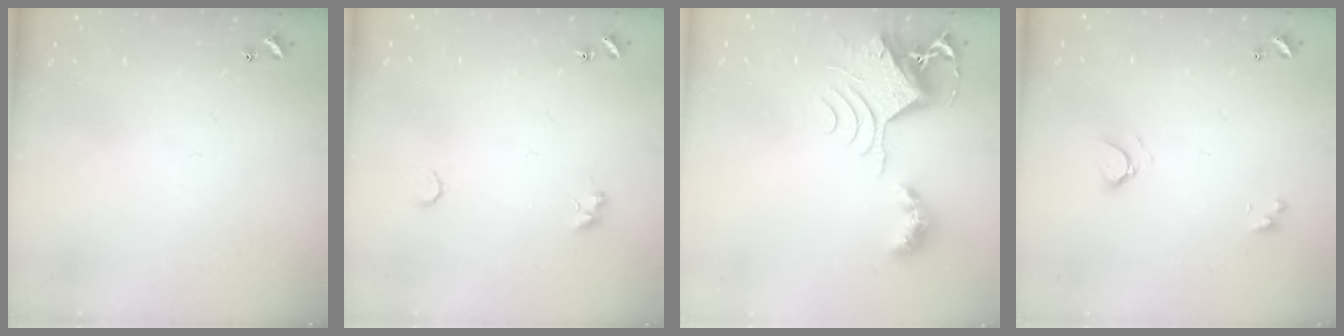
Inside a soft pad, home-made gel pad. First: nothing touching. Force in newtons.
{"total": 1.8, "press": 1.5, "slide": 1.0}
{"total": 8.9, "press": 8.9, "slide": 0.4}
{"total": 2.6, "press": 2.6, "slide": 0.4}
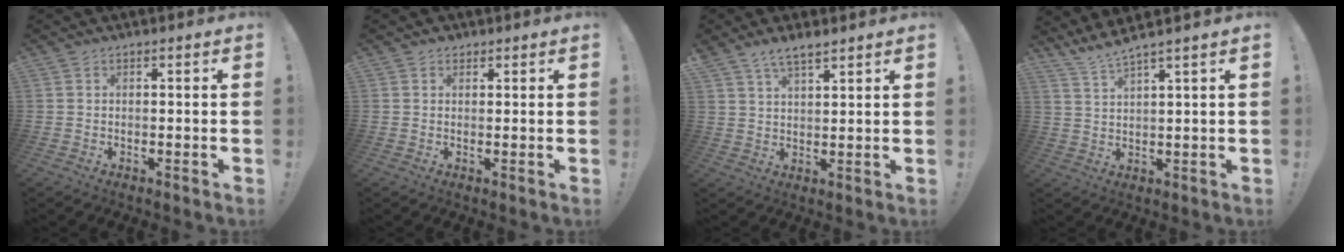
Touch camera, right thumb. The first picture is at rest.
{"total": 1.3, "force": [0.9, 0.9, 0.3], "torque": [0.002, -0.002, 0.016]}
{"total": 5.0, "force": [4.1, 1.5, 2.5], "torque": [-0.042, -0.024, 0.074]}
{"total": 4.7, "force": [4.1, -0.5, 2.2], "torque": [-0.052, -0.024, 0.074]}
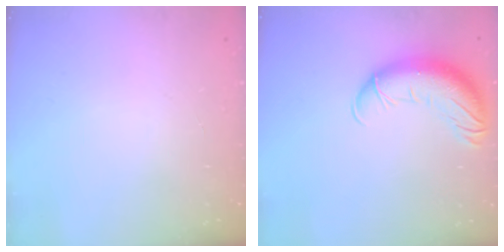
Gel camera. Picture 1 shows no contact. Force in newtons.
{"total": 14.8, "press": 14.3, "slide": 3.6}
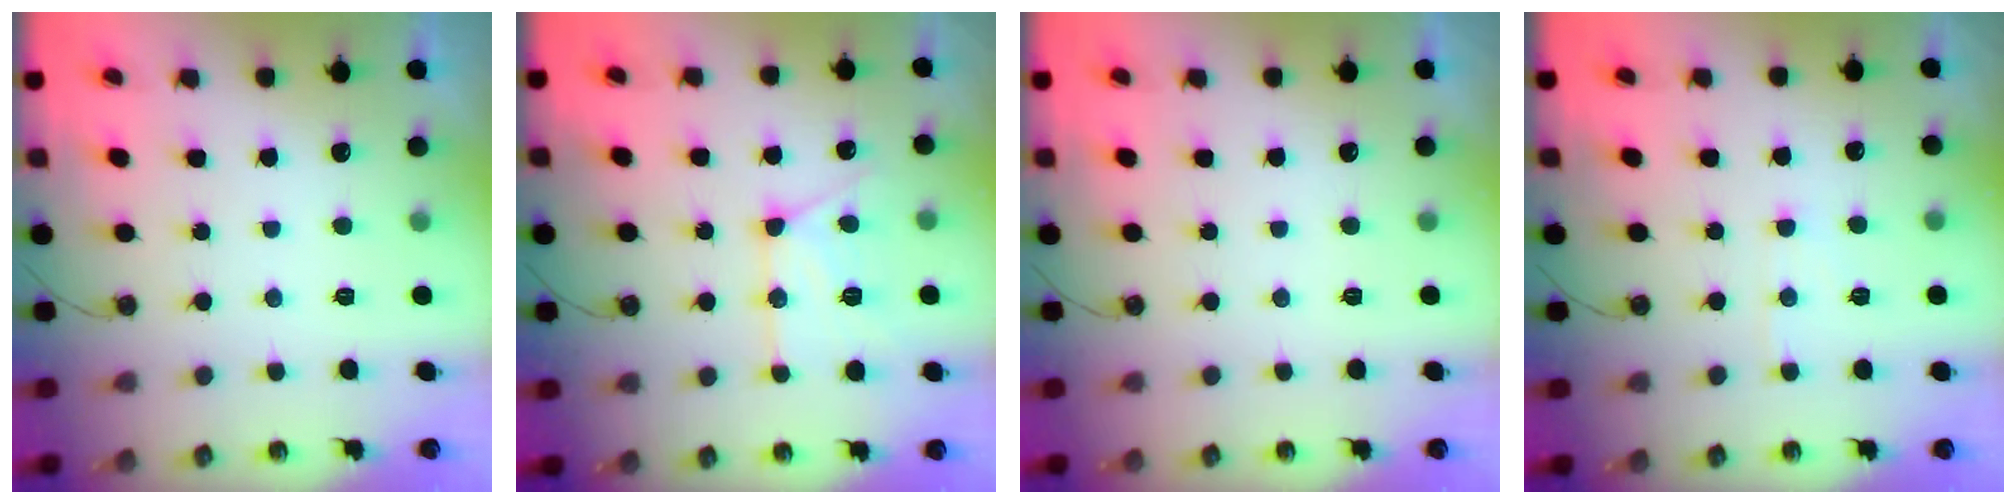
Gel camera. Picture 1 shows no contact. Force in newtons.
{"total": 14.0, "press": 14.0, "slide": 1.2}
{"total": 0.0}
{"total": 3.7, "press": 3.6, "slide": 0.6}
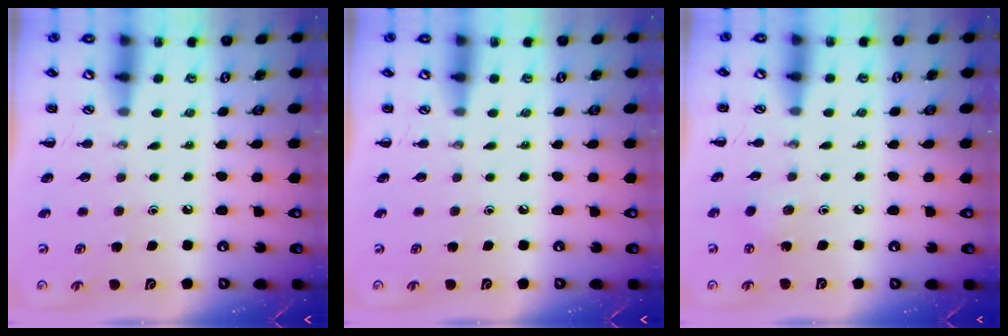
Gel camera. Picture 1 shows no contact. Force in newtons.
{"total": 0.0}
{"total": 2.8, "press": 2.6, "slide": 0.9}
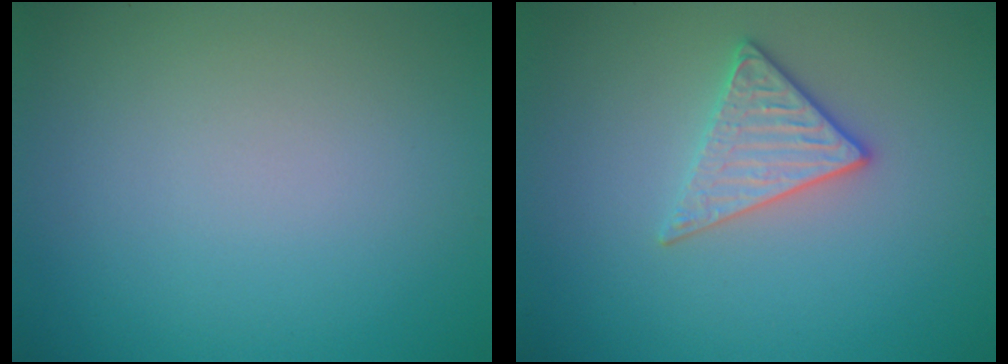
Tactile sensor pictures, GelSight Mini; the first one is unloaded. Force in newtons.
{"total": 2.7, "press": 2.5, "slide": 1.1}
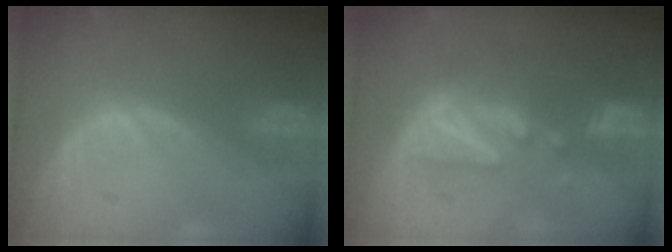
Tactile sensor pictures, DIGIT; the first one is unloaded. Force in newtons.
{"total": 8.2, "press": 7.4, "slide": 3.6}
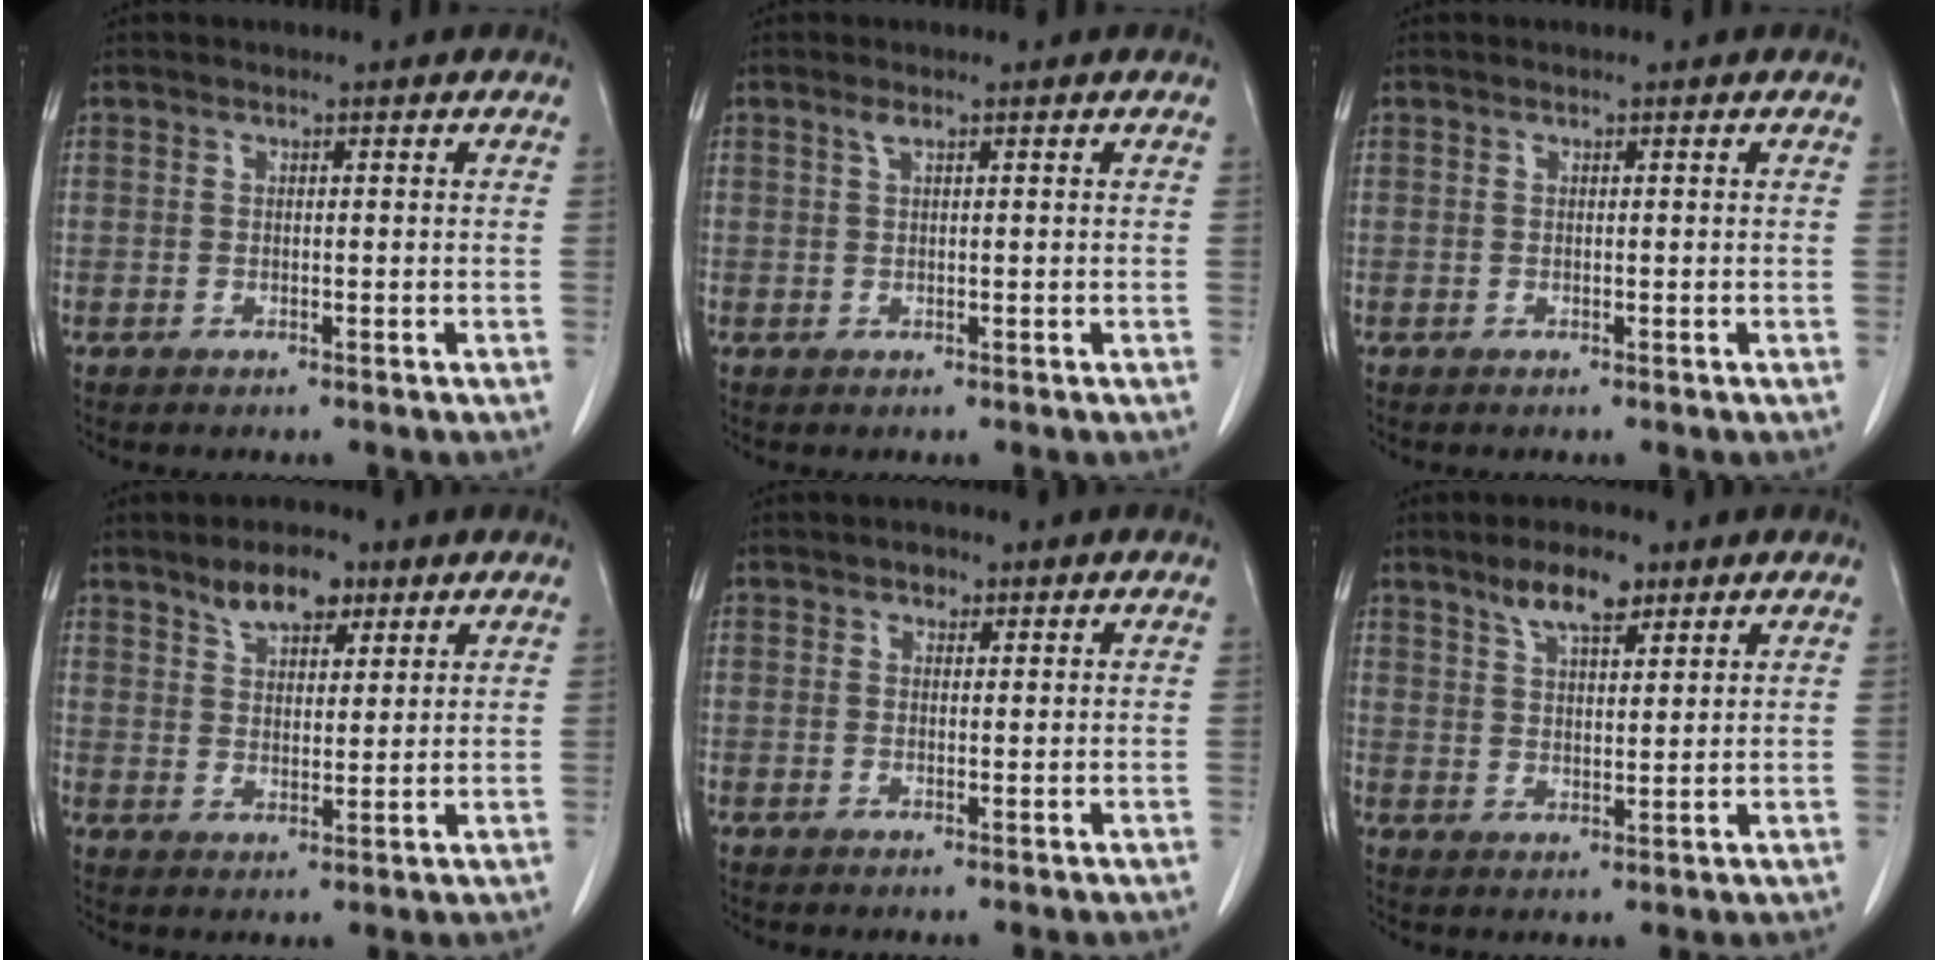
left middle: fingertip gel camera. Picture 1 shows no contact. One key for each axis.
{"total": 0.9, "fx": 0.6, "fy": 0.1, "fz": 0.7, "tx": -0.018, "ty": 0.005, "tz": 0.012}
{"total": 0.0}
{"total": 6.3, "fx": 4.2, "fy": 2.7, "fz": 3.7, "tx": -0.062, "ty": 0.009, "tz": 0.074}
{"total": 1.4, "fx": 0.8, "fy": 0.9, "fz": 0.6, "tx": -0.009, "ty": 0.002, "tz": 0.011}
{"total": 6.2, "fx": 4.3, "fy": 1.9, "fz": 4.1, "tx": -0.077, "ty": 0.007, "tz": 0.076}
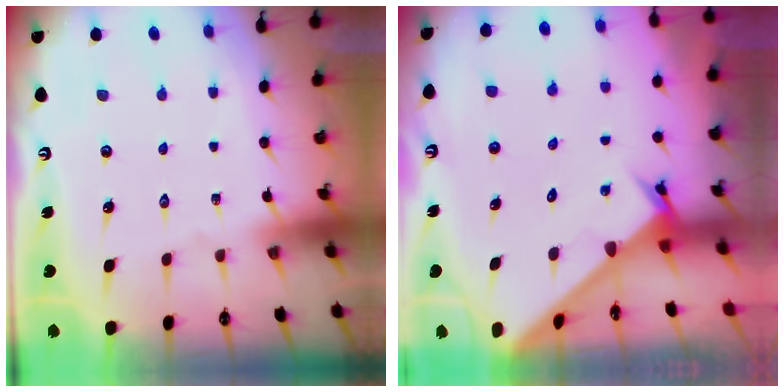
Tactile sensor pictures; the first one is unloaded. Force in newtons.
{"total": 2.2, "press": 2.2, "slide": 0.1}
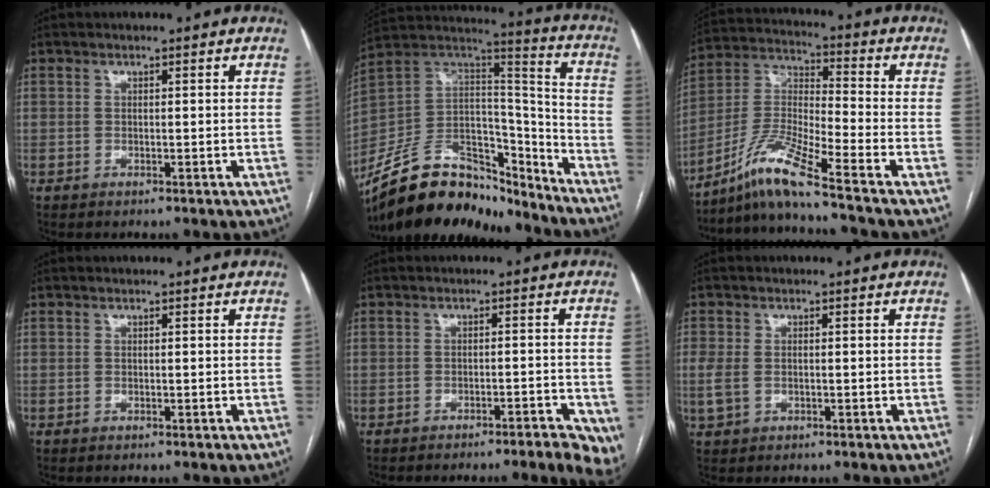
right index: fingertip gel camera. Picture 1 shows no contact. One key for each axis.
{"total": 22.4, "fx": -18.2, "fy": 9.5, "fz": 9.1, "tx": -0.197, "ty": 0.039, "tz": -0.314}
{"total": 10.5, "fx": -8.2, "fy": -1.4, "fz": 6.4, "tx": -0.143, "ty": -0.006, "tz": -0.160}
{"total": 0.0}
{"total": 8.4, "fx": -6.4, "fy": 1.8, "fz": 5.1, "tx": -0.047, "ty": -0.002, "tz": -0.083}
{"total": 3.4, "fx": -0.6, "fy": 2.3, "fz": 2.4, "tx": -0.069, "ty": 0.007, "tz": -0.006}
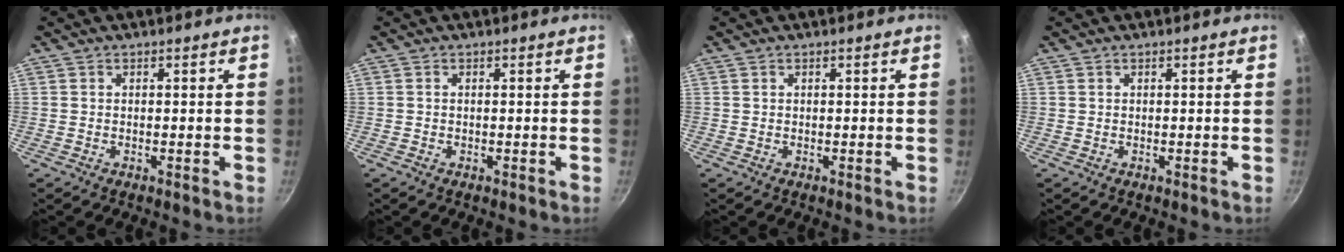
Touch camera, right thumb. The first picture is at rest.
{"total": 0.0}
{"total": 0.0}
{"total": 0.0}
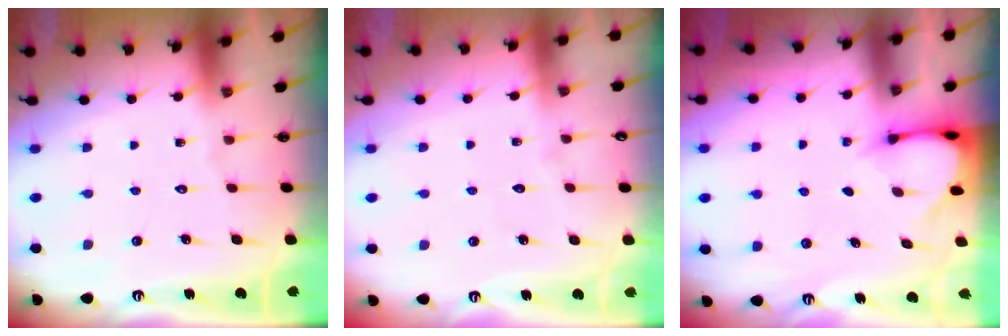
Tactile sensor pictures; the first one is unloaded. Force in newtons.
{"total": 1.8, "press": 1.8, "slide": 0.1}
{"total": 3.0, "press": 3.0, "slide": 0.2}

● ● ● ● ● ● ●

* **TRY IT**
Repeat the material above word for word but skip the images.

* **YOUR RESPONSE**
Inside a soft pad, home-made gel pad. First: nothing touching. Force in newtons.
{"total": 1.8, "press": 1.5, "slide": 1.0}
{"total": 8.9, "press": 8.9, "slide": 0.4}
{"total": 2.6, "press": 2.6, "slide": 0.4}
Touch camera, right thumb. The first picture is at rest.
{"total": 1.3, "force": [0.9, 0.9, 0.3], "torque": [0.002, -0.002, 0.016]}
{"total": 5.0, "force": [4.1, 1.5, 2.5], "torque": [-0.042, -0.024, 0.074]}
{"total": 4.7, "force": [4.1, -0.5, 2.2], "torque": [-0.052, -0.024, 0.074]}
Gel camera. Picture 1 shows no contact. Force in newtons.
{"total": 14.8, "press": 14.3, "slide": 3.6}
Gel camera. Picture 1 shows no contact. Force in newtons.
{"total": 14.0, "press": 14.0, "slide": 1.2}
{"total": 0.0}
{"total": 3.7, "press": 3.6, "slide": 0.6}
Gel camera. Picture 1 shows no contact. Force in newtons.
{"total": 0.0}
{"total": 2.8, "press": 2.6, "slide": 0.9}
Tactile sensor pictures, GelSight Mini; the first one is unloaded. Force in newtons.
{"total": 2.7, "press": 2.5, "slide": 1.1}
Tactile sensor pictures, DIGIT; the first one is unloaded. Force in newtons.
{"total": 8.2, "press": 7.4, "slide": 3.6}
left middle: fingertip gel camera. Picture 1 shows no contact. One key for each axis.
{"total": 0.9, "fx": 0.6, "fy": 0.1, "fz": 0.7, "tx": -0.018, "ty": 0.005, "tz": 0.012}
{"total": 0.0}
{"total": 6.3, "fx": 4.2, "fy": 2.7, "fz": 3.7, "tx": -0.062, "ty": 0.009, "tz": 0.074}
{"total": 1.4, "fx": 0.8, "fy": 0.9, "fz": 0.6, "tx": -0.009, "ty": 0.002, "tz": 0.011}
{"total": 6.2, "fx": 4.3, "fy": 1.9, "fz": 4.1, "tx": -0.077, "ty": 0.007, "tz": 0.076}
Tactile sensor pictures; the first one is unloaded. Force in newtons.
{"total": 2.2, "press": 2.2, "slide": 0.1}
right index: fingertip gel camera. Picture 1 shows no contact. One key for each axis.
{"total": 22.4, "fx": -18.2, "fy": 9.5, "fz": 9.1, "tx": -0.197, "ty": 0.039, "tz": -0.314}
{"total": 10.5, "fx": -8.2, "fy": -1.4, "fz": 6.4, "tx": -0.143, "ty": -0.006, "tz": -0.160}
{"total": 0.0}
{"total": 8.4, "fx": -6.4, "fy": 1.8, "fz": 5.1, "tx": -0.047, "ty": -0.002, "tz": -0.083}
{"total": 3.4, "fx": -0.6, "fy": 2.3, "fz": 2.4, "tx": -0.069, "ty": 0.007, "tz": -0.006}
Touch camera, right thumb. The first picture is at rest.
{"total": 0.0}
{"total": 0.0}
{"total": 0.0}
Tactile sensor pictures; the first one is unloaded. Force in newtons.
{"total": 1.8, "press": 1.8, "slide": 0.1}
{"total": 3.0, "press": 3.0, "slide": 0.2}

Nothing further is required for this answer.